Smelter Freeport

Pembangunan Smelter Berkaitan dengan Kedaulatan, Ini Kata Pengamat

Kontrak PT Freeport Indonesia (PTFI) terkait pengelolaan tambang Grasberg, Papua, akan habis pada tahun 2041.

Perusahaan pertambangan PT Gag Nikel di Pulau Gag Kabupaten Raja Ampat Provinsi Papua Barat. Foto via Harian NKRI

apahabar.com, JAKARTA - Kontrak PT Freeport Indonesia (PTFI) terkait pengelolaan tambang Grasberg, Papua, akan habis pada tahun 2041. Pemerintah telah mengajukan sejumlah persyaratan terkait perpanjangan kontrak, di antaranya pembangunan smelter di Papua.

Hal tersebut disampaikan oleh Menteri Investasi/Kepala Badan Koordinasi Penanaman Modal (BKPM) Bahlil Lahadalia di Jakarta, Jumat (30/6). Menurutnya, langkah tersebut berkaitan dengan kedaulatan dan harga diri orang Papua.

Khusus terkait kedaulatan dan demi harga diri orang Papua, Direktur Eksekutif ReforMiner Institute Komaidi Notonegoro menilai hal itu tidak akan menjadi kendala, sepanjang dikontrol oleh pemerintah pusat. Menurutnya, titik tekan berdaulat justru terletak pada peran negara.

"Tetapi melihatnya kan, ini ada nuansa kepentingan daerah dalam hal ini yang disampaikan oleh Pak Bahlil saya kira. Jadi beliau juga putra asli sana, kalau mau menyampaikan aspirasi saya kira juga wajar-wajar saja," ujar Komaidi kepada apahabar.com, Senin (3/7).

Baca Juga: Bangun Smelter di Papua, Pengamat: Banyak Hal yang Perlu Diperhatikan

Lebih jauh, Komaidi menegaskan, aspek kedaulatan semestinya tidak hanya ketika smelter dibangun di Papua. Di mana pun lokasinya, selama di Indonesia dan masih menguntungkan dalam hitungan bisnis, hal itu tidak mengurangi makna kata 'berdaulat'.

"Tetapi kalau bisa dilakukan di daerah setempat, tentu masyarakat termasuk pak Bahlil juga akan senang gitu kalau bisa dilakukan di sana," ujar Komaidi.
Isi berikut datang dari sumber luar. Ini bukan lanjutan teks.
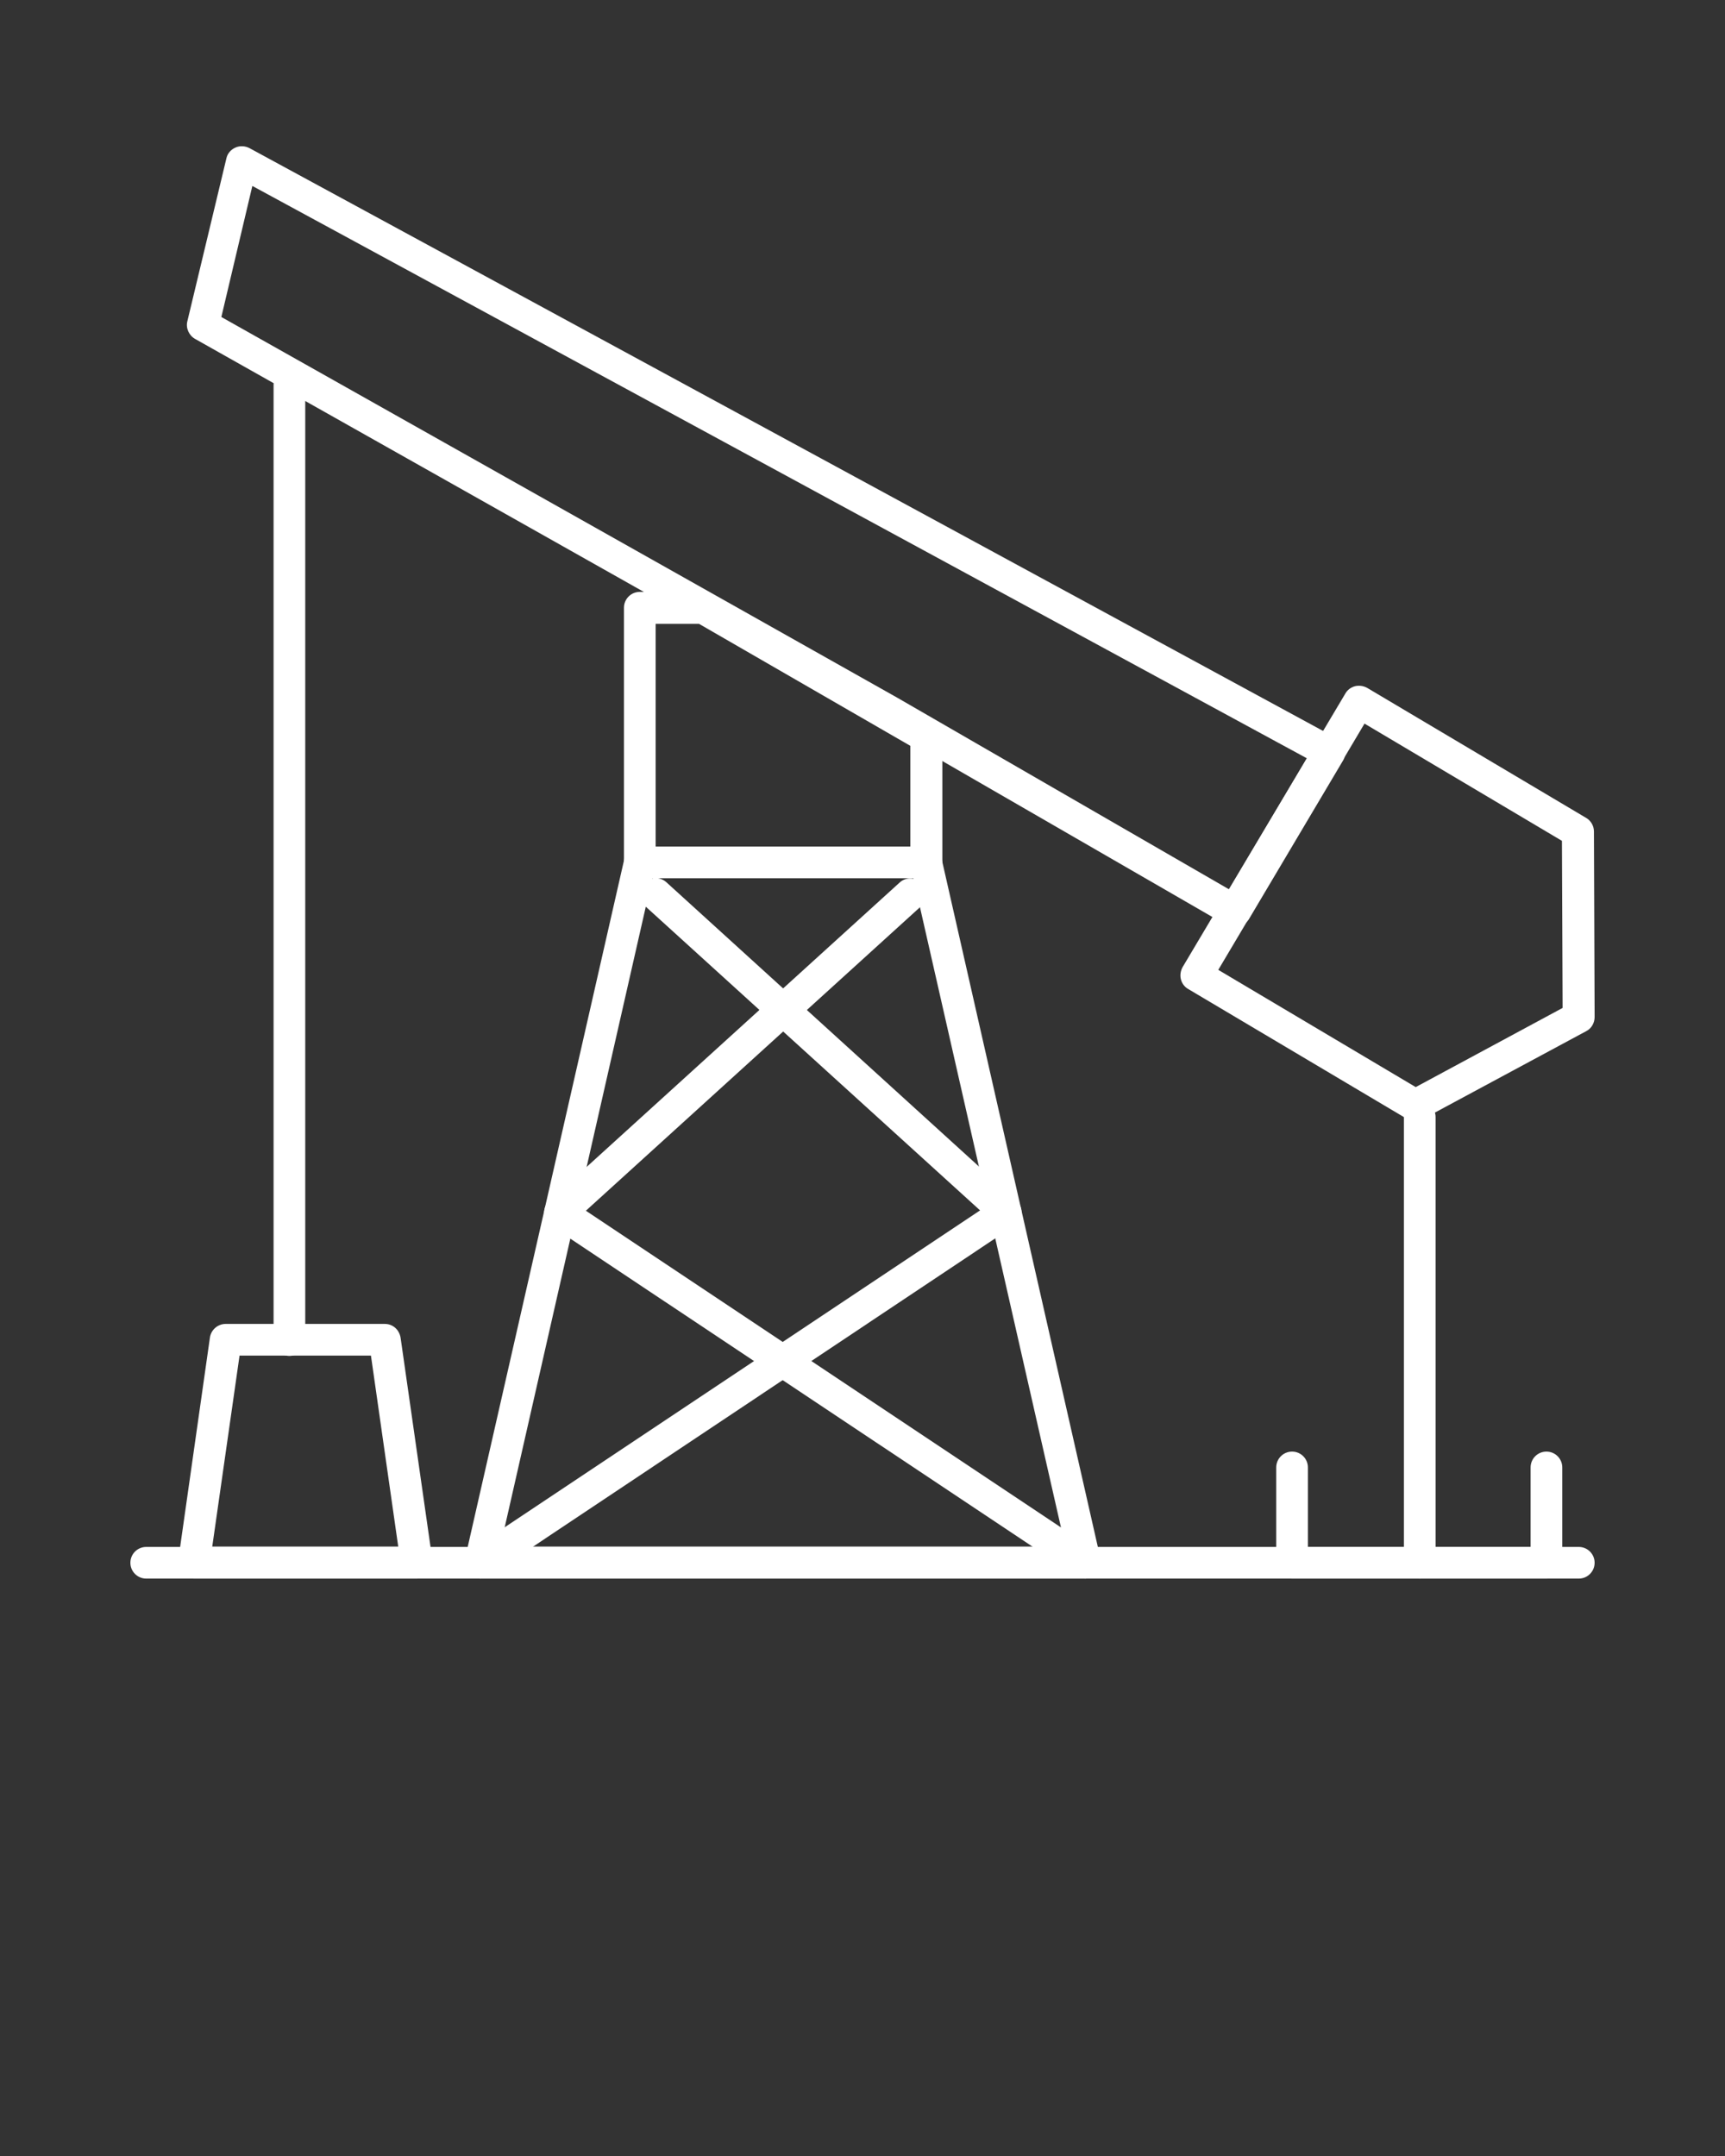 <svg xmlns='http://www.w3.org/2000/svg' xmlns:xlink='http://www.w3.org/1999/xlink' id='Layer_1' x='0px' y='0px' viewBox='0 0 512 640' style='enable-background:new 0 0 512 640;' xml:space='preserve' fill='#ffffff'><rect x="0" y="0" width="512" height="640" fill="#333333" stroke="none"/><g><g><g><path d='M322.2,468.6C322.2,468.6,322.2,468.6,322.2,468.6H142.6c-1.4,0-2.8-0.7-3.7-1.8s-1.2-2.6-0.9-4L185.3,255 c0.5-2.2,2.4-3.7,4.6-3.7h85c2.2,0,4.1,1.5,4.6,3.7l47.1,207.5c0.1,0.5,0.2,1,0.2,1.5C326.9,466.5,324.8,468.6,322.2,468.6z M148.5,459.1h167.7l-45.1-198.4h-77.5L148.5,459.1z'></path></g><g><path d='M274.9,260.7h-85c-2.6,0-4.7-2.1-4.7-4.7v-75.6c0-2.6,2.1-4.7,4.7-4.7h18.9c0.8,0,1.6,0.2,2.4,0.6l66.1,38.2 c1.5,0.8,2.4,2.4,2.4,4.1V256C279.6,258.6,277.5,260.7,274.9,260.7z M194.6,251.3h75.6v-29.9l-62.7-36.2h-12.9L194.6,251.3 L194.6,251.3z'></path></g><g><g><path d='M366.4,275.2c-0.8,0-1.6-0.2-2.4-0.6l-102.5-59.2L57.9,100.6c-1.8-1-2.8-3.2-2.3-5.2L67.2,47c0.3-1.4,1.3-2.6,2.7-3.2 c1.3-0.6,2.9-0.5,4.2,0.2l322.7,175.2c1.1,0.6,2,1.7,2.3,2.9c0.3,1.2,0.2,2.6-0.5,3.7l-28,47.2 C369.6,274.4,368,275.2,366.4,275.2z M65.7,94.1l200.6,113l98.5,56.9l23.1-38.9L74.9,55.2L65.7,94.1z'></path></g><g><path d='M420.1,332.9c-0.8,0-1.7-0.2-2.4-0.7l-65-38.6c-1.1-0.6-1.9-1.7-2.2-2.9c-0.3-1.2-0.1-2.5,0.5-3.6l48.3-81.2 c0.6-1.1,1.7-1.9,2.9-2.2c1.2-0.3,2.5-0.1,3.6,0.5l65,38.6c1.4,0.8,2.3,2.4,2.3,4l0.2,55.1c0,1.7-0.9,3.4-2.5,4.2l-48.5,26.1 C421.6,332.7,420.9,332.9,420.1,332.9z M361.6,287.9l58.6,34.8l43.6-23.5l-0.2-49.6L405,214.8L361.6,287.9z'></path></g></g><g><path d='M468.6,468.6H43.4c-2.6,0-4.7-2.1-4.7-4.7s2.1-4.7,4.7-4.7h425.2c2.6,0,4.7,2.1,4.7,4.7S471.2,468.6,468.6,468.6z'></path></g><g><path d='M123.7,468.6C123.7,468.6,123.7,468.6,123.7,468.6H57.6c-1.4,0-2.7-0.6-3.6-1.6c-0.9-1-1.3-2.4-1.1-3.8l9.4-66.1 c0.3-2.3,2.3-4.1,4.7-4.1h47.2c2.4,0,4.3,1.7,4.7,4.1l9.4,65.7c0.1,0.4,0.1,0.7,0.1,1.1C128.5,466.5,126.3,468.6,123.7,468.6z M63,459.1h55.2l-8.1-56.7H71.1L63,459.1z'></path></g><g><path d='M85.9,402.5c-2.6,0-4.7-2.1-4.7-4.7V114.3c0-2.6,2.1-4.7,4.7-4.7s4.7,2.1,4.7,4.7v283.5 C90.7,400.3,88.5,402.5,85.9,402.5z'></path></g><g><path d='M421.4,468.6c-2.6,0-4.7-2.1-4.7-4.7V331.6c0-2.6,2.1-4.7,4.7-4.7s4.7,2.1,4.7,4.7v132.3 C426.1,466.5,424,468.6,421.4,468.6z'></path></g><g><path d='M322.1,468.6c-0.9,0-1.8-0.3-2.6-0.8L163.6,363.9c-1.2-0.8-2-2.1-2.1-3.6c-0.1-1.5,0.5-2.9,1.5-3.8L267,262 c1.9-1.8,4.9-1.6,6.7,0.3c1.8,1.9,1.6,4.9-0.3,6.7l-99.5,90.4l150.9,100.6c2.2,1.4,2.8,4.4,1.3,6.6 C325.2,467.9,323.7,468.6,322.1,468.6z'></path></g><g><path d='M142.6,468.6c-1.5,0-3-0.7-3.9-2.1c-1.4-2.2-0.9-5.1,1.3-6.6l150.9-100.6l-99.5-90.4c-1.9-1.8-2.1-4.7-0.3-6.7 c1.8-1.9,4.7-2.1,6.7-0.3l103.9,94.5c1.1,1,1.6,2.4,1.5,3.8s-0.9,2.8-2.1,3.6L145.2,467.8C144.4,468.3,143.5,468.6,142.6,468.6z'></path></g><g><path d='M459.1,468.6h-75.6c-2.6,0-4.7-2.1-4.7-4.7v-28.3c0-2.6,2.1-4.7,4.7-4.7s4.7,2.1,4.7,4.7v23.6h66.1v-23.6 c0-2.6,2.1-4.7,4.7-4.7s4.7,2.1,4.7,4.7v28.3C463.9,466.5,461.8,468.6,459.1,468.6z'></path></g></g></g></svg>

Selain itu, ungkap Komaidi, segala sesuatu harus dikaji secara mendalam terlebih dahulu. Kira-kira mana yang paling memberikan manfaat yang lebih besar dari sisi ekonomi.

"Sehingga para pihak perlu lebih bijaksana bahwa ada unsur dari beliaunya ingin di sana. Saya kira wajar, tetapi tentu bicara kepentingan bangsa dan negara harus dilihat yang paling optimal yang mana begitu saya kira," pungkasnya.